Shade will be important too, so artificial burrows (hides burried under a few inches of dirt), shade cloths, and plants are all great options.


----------



## RockyTheRussian (Aug 14, 2017)

theguy67 said:


> You don't need any lamps, unless you make a night box, then you could add a CHE, or other heat source for cold nights.
> 
> Being in Arizona, heat may be an issue but one I'm sure you can work around. I'm not familiar with Russians, but a sprinkler system may be beneficial to cool the enclosure during the hottest parts of the day. Even if it was a mist for 2 minutes, this can help a lot.
> 
> Shade will be important too, so artificial burrows (hides burried under a few inches of dirt), shade cloths, and plants are all great options.




Ok thank you. And for the dirt, would I just put it over the grass in the cage or does there need to be a bottom for the cage to keep dirt in?


----------



## theguy67 (Aug 14, 2017)

RockyTheRussian said:


> Ok thank you. And for the dirt, would I just put it over the grass in the cage or does there need to be a bottom for the cage to keep dirt in?

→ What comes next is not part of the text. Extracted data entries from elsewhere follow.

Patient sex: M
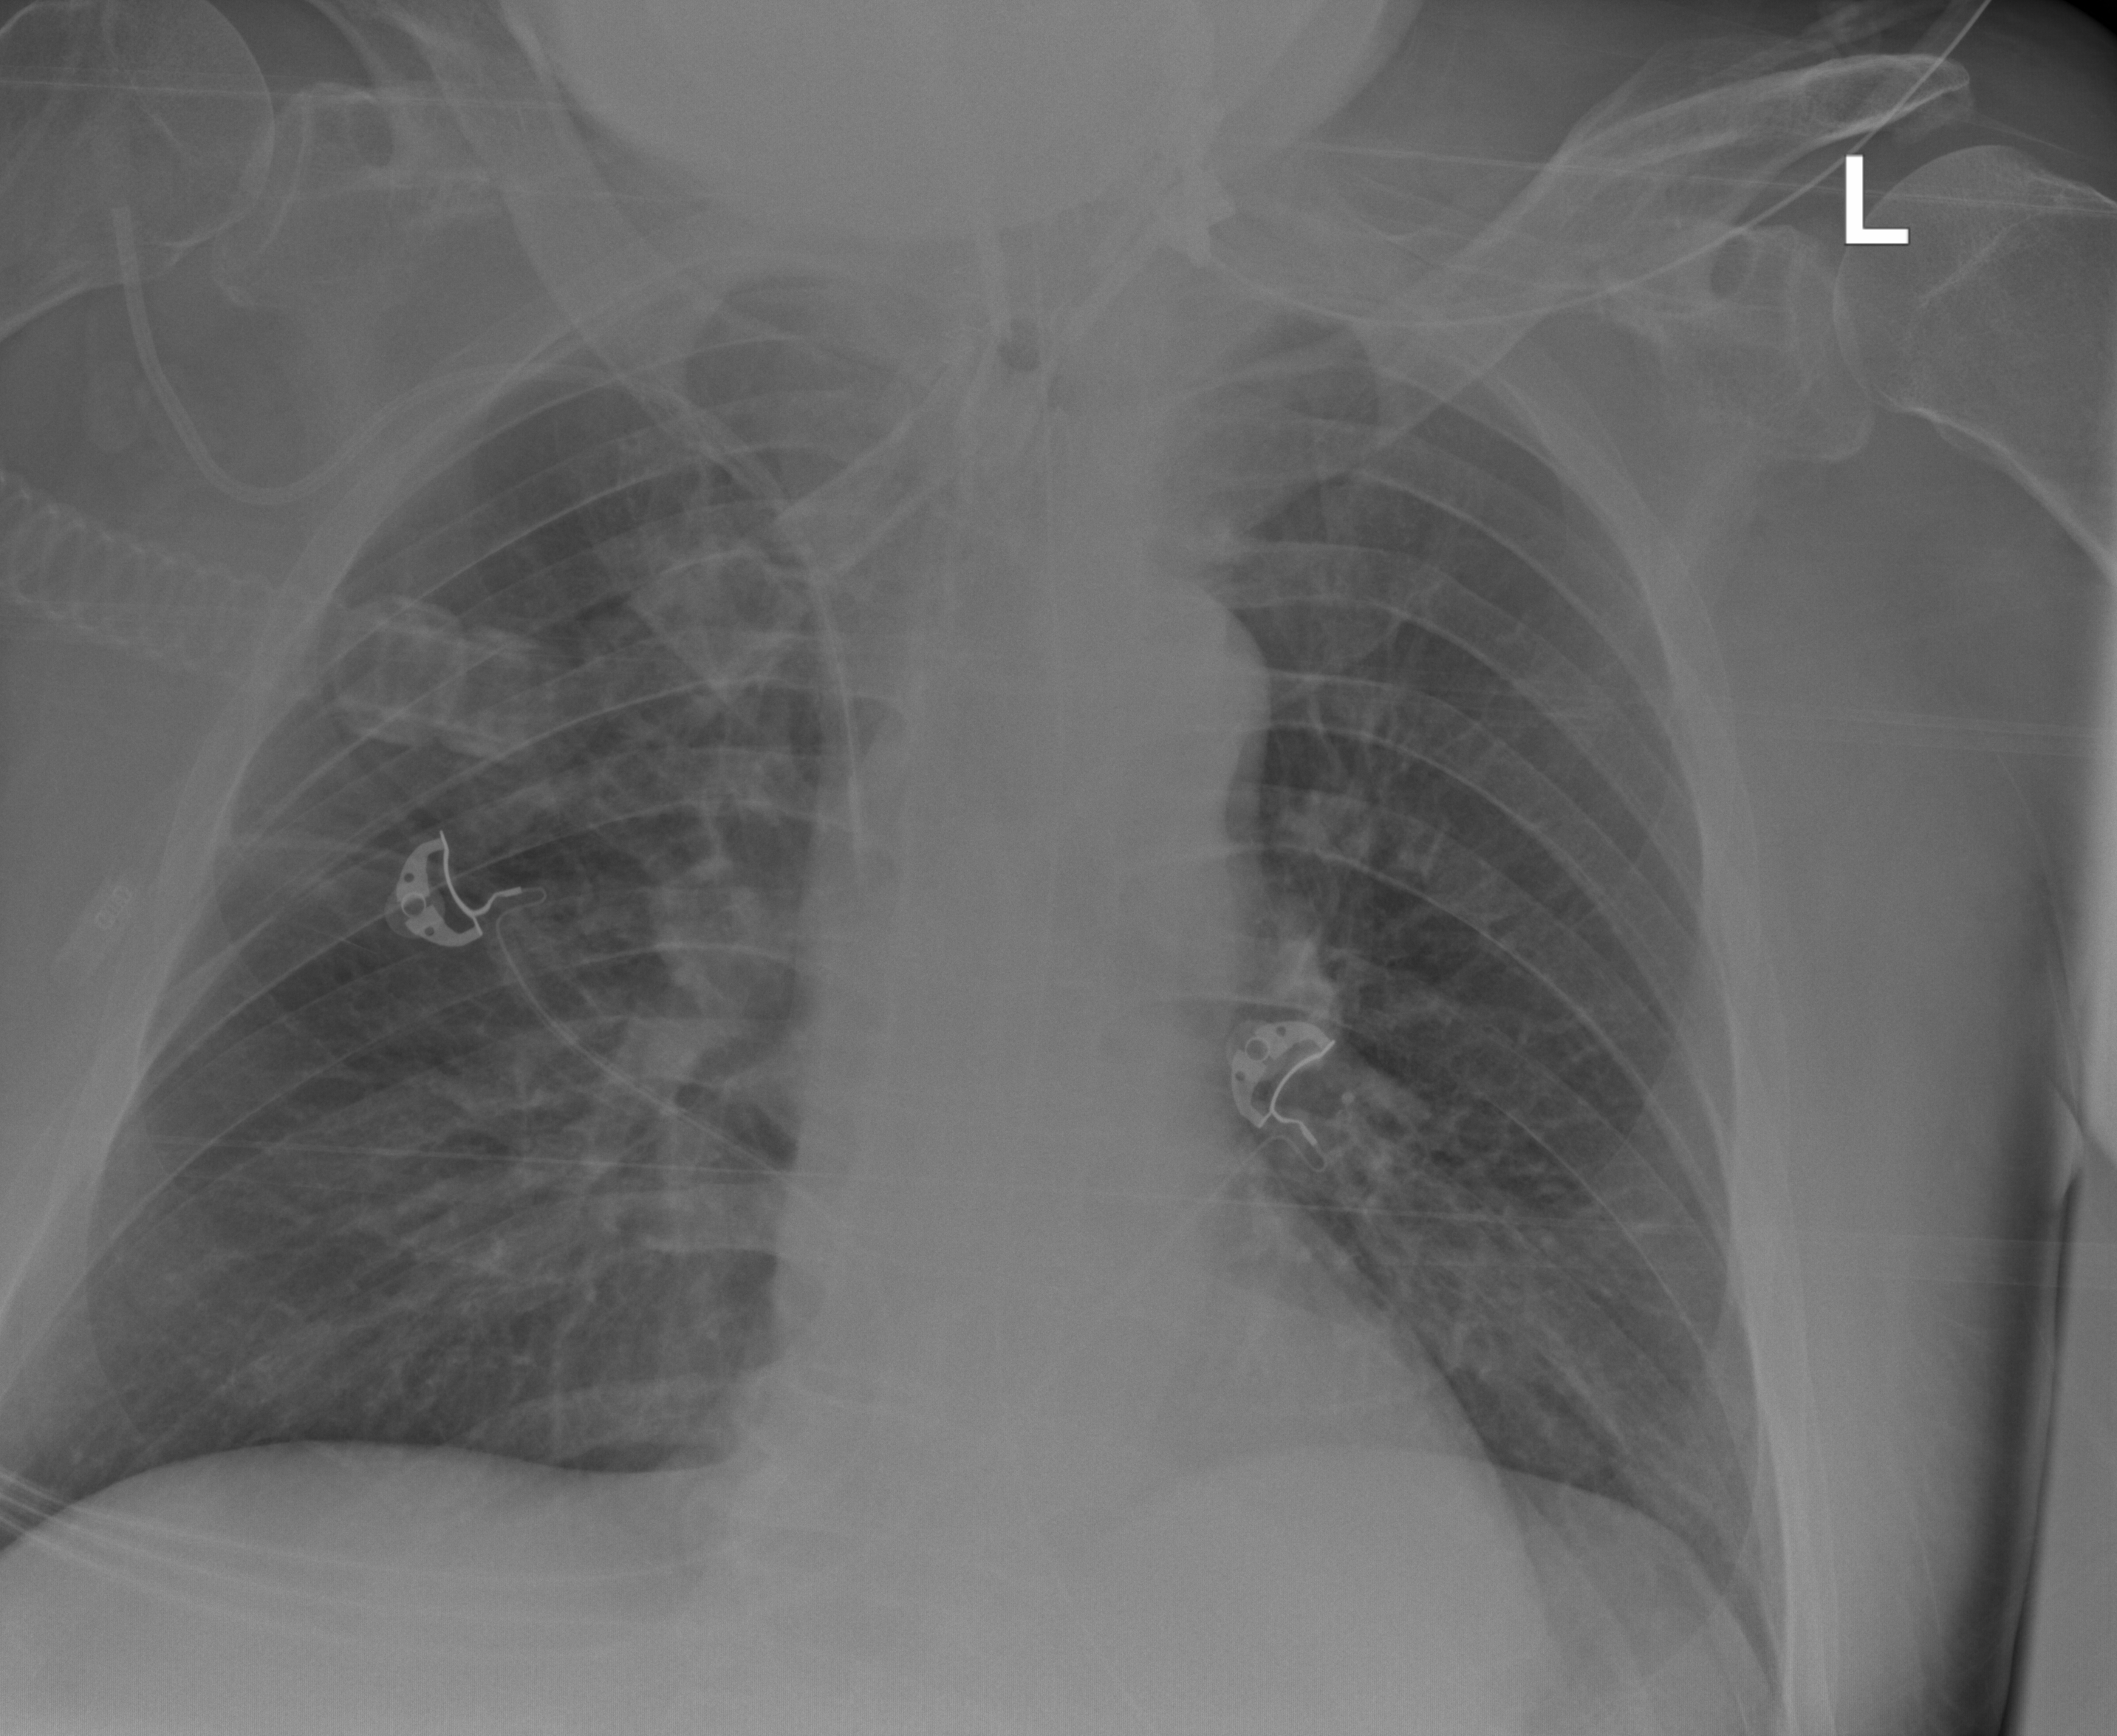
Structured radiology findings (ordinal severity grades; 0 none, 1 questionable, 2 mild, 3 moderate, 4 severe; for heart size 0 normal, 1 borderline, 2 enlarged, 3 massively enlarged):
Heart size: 0
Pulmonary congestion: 0
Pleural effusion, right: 0
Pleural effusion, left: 0
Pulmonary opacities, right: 1
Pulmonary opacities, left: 0
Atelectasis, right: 2
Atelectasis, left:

I've seen it done both ways. In my adult tortoise pen, I prefer for them to have access to the ground, in case they wish to dig (some) or nest. Maybe consider improving your soil by adding top soil or organic material.


----------



## MrMarg&me (Aug 15, 2017)

I have guinea pigs that spend nice afternoons in an outdoor enclosure. The ground is covered with hay. When the hay has composted a bit I rake it out and use it to mix in with a section of soil in my box turtles outdoor enclosure. The turtles enjoy digging and basking on the resulting pliable soil.


----------



## RockyTheRussian (Aug 26, 2017)

Hey guys! So I haven't started on the enclosure yet but I am going to have no bottom of the cage. So he will have access to the grass and I will also pour some dirt in for him to burrow. Since I live in AZ we have lots of scorpions. Will that be an issue to my tortoises safety? Can they get in the cage and sting him? Thx


----------



## theguy67 (Aug 26, 2017)

RockyTheRussian said:


> Hey guys! So I haven't started on the enclosure yet but I am going to have no bottom of the cage. So he will have access to the grass and I will also pour some dirt in for him to burrow. Since I live in AZ we have lots of scorpions. Will that be an issue to my tortoises safety? Can they get in the cage and sting him? Thx



That's a good question. I've never had issues with scorpions (that I know of), although there aren't that many around here. I primarily worry about fire ants.


----------



## Beasty_Artemis (Aug 27, 2017)

I'm not too familiar with the diet of russians.... But I've seen a few videos where small animals chow down on poor little scorpions! Im not so sure a scorpion would survive exploring a red foot enclosure. Are there any actual poisonous species in your area? Most varieties I'm familiar with are harmless, just big and intimidating. But I'm on the west coast.
I would totally agree totally about the fire ants. Those are dangerous for a tort.


----------



## Yvonne G (Aug 27, 2017)

When you use the word "cage" I'm picturing something too small for an adult Russian tortoise. You can put together something bigger using cinderblocks, old scrap lumber, anything you can find. They need a lot of room. Here's an example, but for a Russian you'd probably have to go two high:






















A few examples of easy-to-build outdoor habitats.


----------



## RockyTheRussian (Aug 28, 2017)

Beasty_Artemis said:


> I'm not too familiar with the diet of russians.... But I've seen a few videos where small animals chow down on poor little scorpions! Im not so sure a scorpion would survive exploring a red foot enclosure. Are there any actual poisonous species in your area? Most varieties I'm familiar with are harmless, just big and intimidating. But I'm on the west coast.
> I would totally agree totally about the fire ants. Those are dangerous for a tort.


 

Yes I live on the west coast so scorpions are poisnenous. I totally forgot about red ants as well. What should I do about that? Do u think it would just be best to keep him indoors or maybe just have an outdoor cage that is enclosed?


----------



## RockyTheRussian (Aug 28, 2017)

Yvonne G said:


> When you use the word "cage" I'm picturing something too small for an adult Russian tortoise. You can put together something bigger using cinderblocks, old scrap lumber, anything you can find. They need a lot of room. Here's an example, but for a Russian you'd probably have to go two high:
> 
> 
> 
> ...




I sorry yeah I meant like an enclosure type thing not a cage. We have a nice space outside for him (9 by 6 feet long).


----------



## RockyTheRussian (Aug 28, 2017)

Yvonne G said:


> When you use the word "cage" I'm picturing something too small for an adult Russian tortoise. You can put together something bigger using cinderblocks, old scrap lumber, anything you can find. They need a lot of room. Here's an example, but for a Russian you'd probably have to go two high:
> 
> 
> 
> ...




Also in oat of those pics they just so have grass. Don't tortoises need dirt in their habitat to dig?


----------